Code and Datasets for "Host specificity-guided graph autoencoder for predicting phage-host interaction"

Developers

Zhen Xiao ([email protected]) and Xingpeng Jiang ([email protected]) from School of Computer Science, Central China Normal University.

Datasets

  • data/PHI_all.csv is the dataset with known phage-host pairs between bacteriophages and hosts from different taxa.
  • data/phage_ncbi.txt is used to download the gene sequence and protein sequence information of all bacteriophages (fasta file and gb file).
  • data/DNA_f is a set of files with features encoded by DNA sequences corresponding to all phages.
  • data/Protein_f is a set of files with features encoded by protein sequences corresponding to all phages.
  • data/dnapro_f is a set of files with features encoded by DNA sequences and protein sequences corresponding to all phages.
  • data/phage_host.csv is a dataset representing the interaction matrix between bacteriophages and hosts.
  • data/phage_sim.csv is a dataset representing the refined phage-phage connection network.
  • data/host_I.csv is is a dataset representing the host-host connection network.

Environment Requirement

The code has been tested running under Python 3.7 and R 4.2.0. The required packages are as follows:

  • numpy == 1.21.5
  • pandas == 1.3.5
  • tensorflow == 1.15.0
  • keras == 2.3.1
  • torch == 1.4.0+cpu
  • ExPASy

Usage

Users can use their own data to train prediction models. If you want to train PHISGAE with your own dataset, you need to go through the following two processes: 1 Prepare the dataset and 2 Predicting phage-host interactions.
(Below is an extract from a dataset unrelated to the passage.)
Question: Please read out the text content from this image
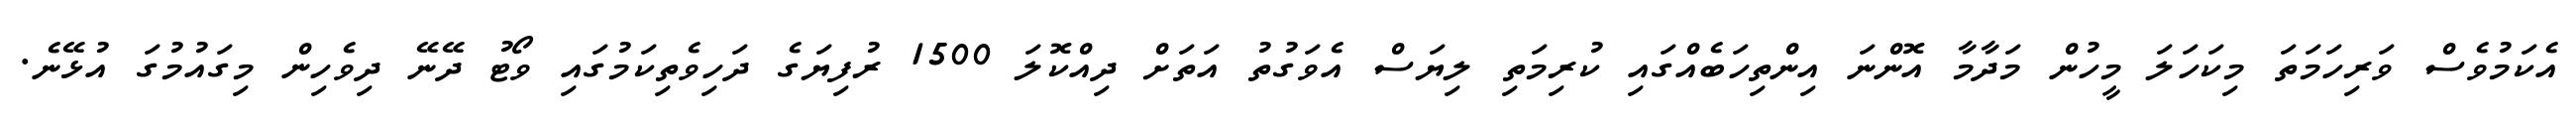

In the meantime, we have provided the data that has been processed and you can implement PHISGAE directly using procedure: 2 Predicting phage-host interactions.

1 Prepare the dataset

git clone https://github.com/JennyX212/PHISGAE
cd PHISGAE/code
python dna_f.py   
python pro_f.py   ####compute features derived from DNA and protein sequences
  1. Download all phage DNA and protein sequences from NCBI batchentrez, named phage.fasta and phage.gb into the data folder.
  2. Run python dna_f.py and python pro_f.py to compute the features derived from DNA and protein sequences. Note If your protein sequences in one .gb file, you need to run python protein_processing.py to split them into different .txt files. For phages missing protein sequence information, you can use the ExPASy tool to translate their gene sequence into protein sequence.
  3. Use python sim.py and module ## Other similarity calculation method ## in data_processing.R to calculate the different similarity matrix between phages with data/dna_pro_f/phage_dna_pro.csv.
  4. Use module KNN graph in data_processing.R to obtain refined phage-phage connection network.
  5. Use python hostI.py to generate a represention of host-host connection network.
  6. Convert the known phage-host pairs into different interaction matrices by running python RAWA.py

2 Predicting phage-host interactions

  • tensorflow == 1.15.0
git clone https://github.com/JennyX212/PHISGAE
cd PHISGAE/code
python main.py  --input = "input_path" --output = "output_path"	 #### train model and get the prediction result

You just need to run python main.py and type input =../data/train/species/ to train PHISGAE and get the result of PHISGAE for predicting phage-host interactions at species level. You can save the result by typing output ="output_path", where "output_path" is the file path of the outcome. Besides, if you want the prediction results at different taxonomic level, you can directly modify the input path when typing input = and change "species" to the other taxonomic level.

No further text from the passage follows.